**Work request:** Images are to be excluded from the copy, and the records below reproduced word for word.
--- Exercise data Enclosed Below ---
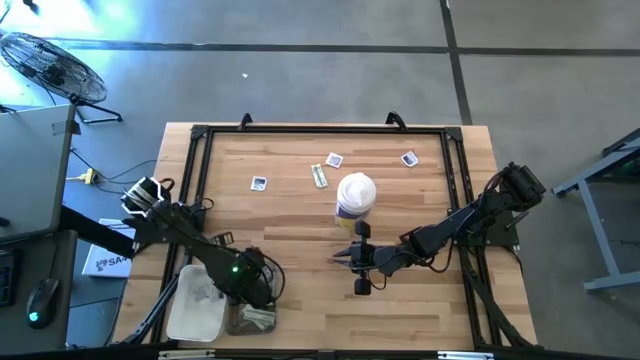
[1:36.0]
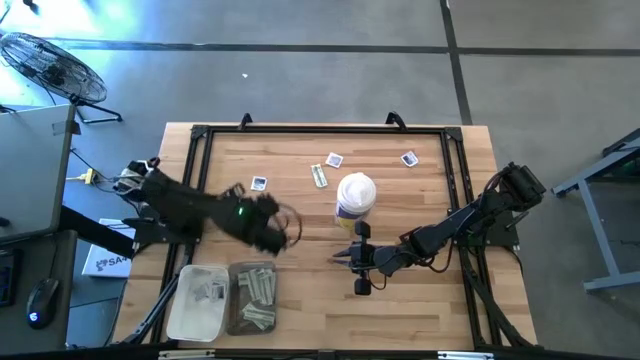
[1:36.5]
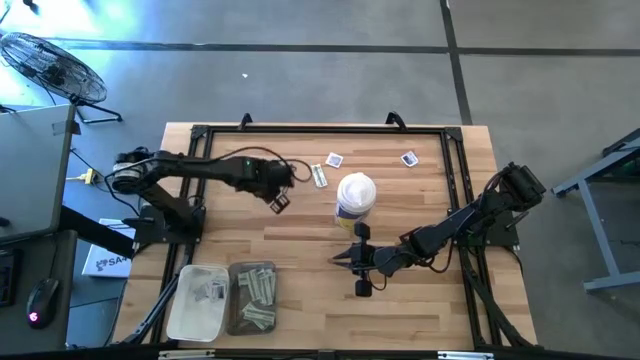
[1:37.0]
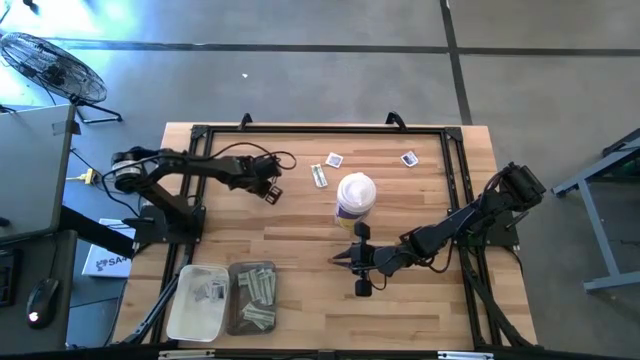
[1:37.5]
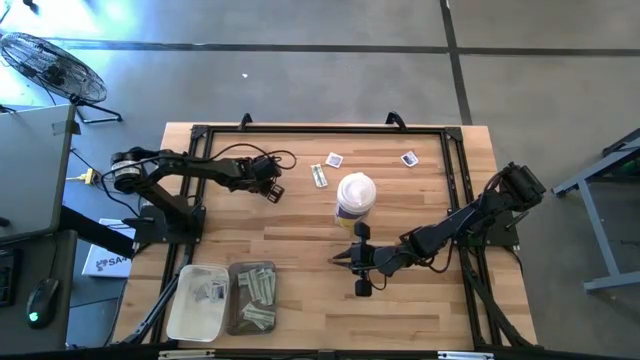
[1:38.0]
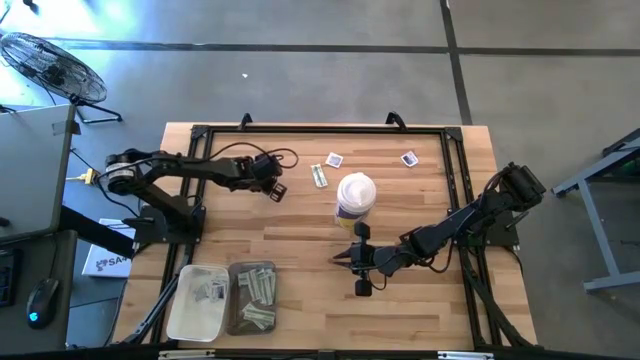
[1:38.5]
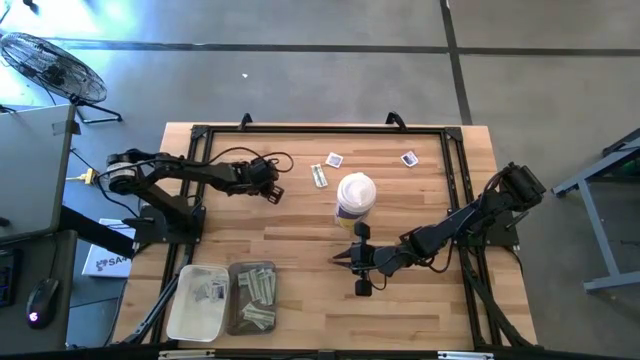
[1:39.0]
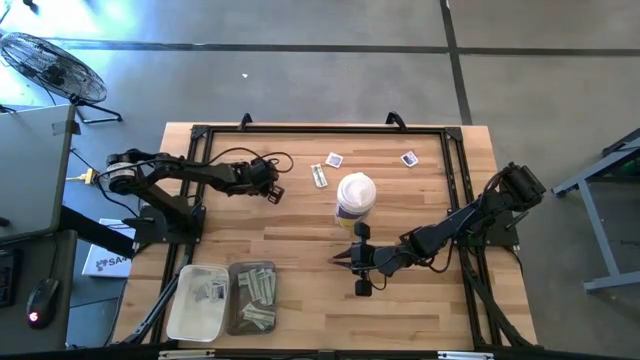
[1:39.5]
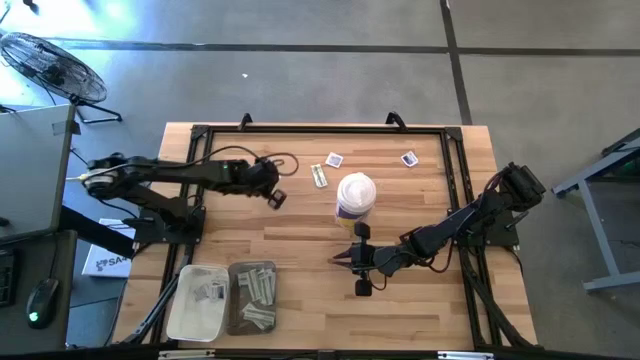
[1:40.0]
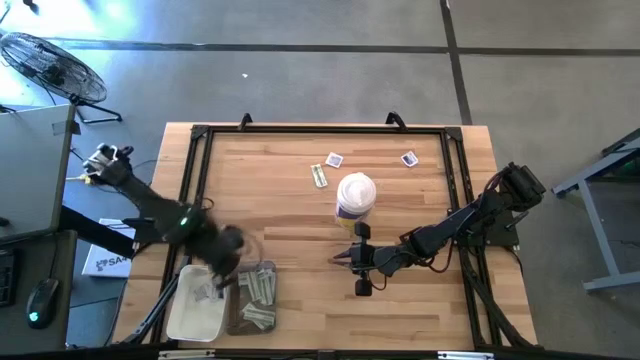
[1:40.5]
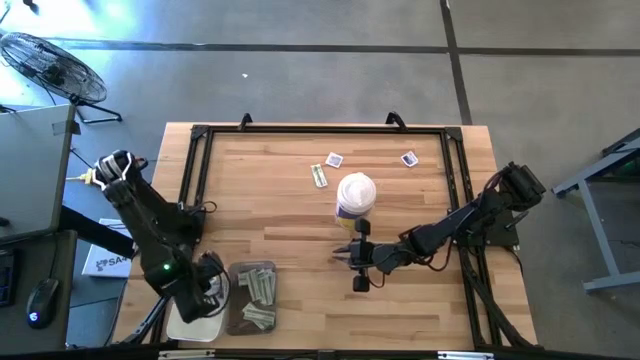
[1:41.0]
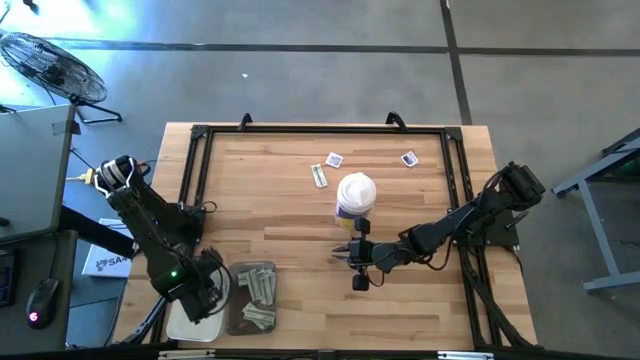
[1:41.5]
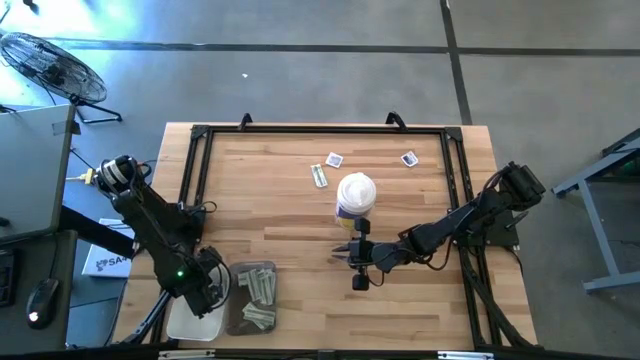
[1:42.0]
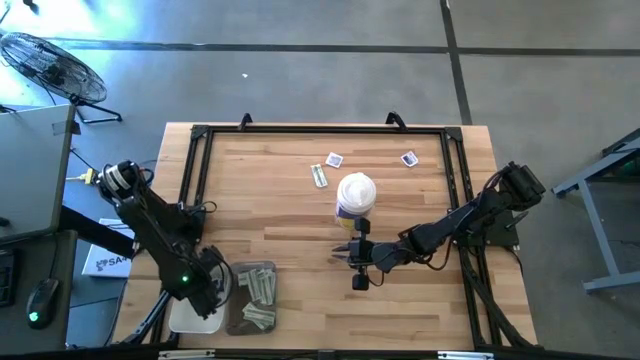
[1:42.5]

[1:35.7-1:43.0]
--- End of Enclosed Exercise data ---
**Expected output:**
[1:36.0]
[1:36.5]
[1:37.0]
[1:37.5]
[1:38.0]
[1:38.5]
[1:39.0]
[1:39.5]
[1:40.0]
[1:40.5]
[1:41.0]
[1:41.5]
[1:42.0]
[1:42.5]

[1:35.7-1:43.0]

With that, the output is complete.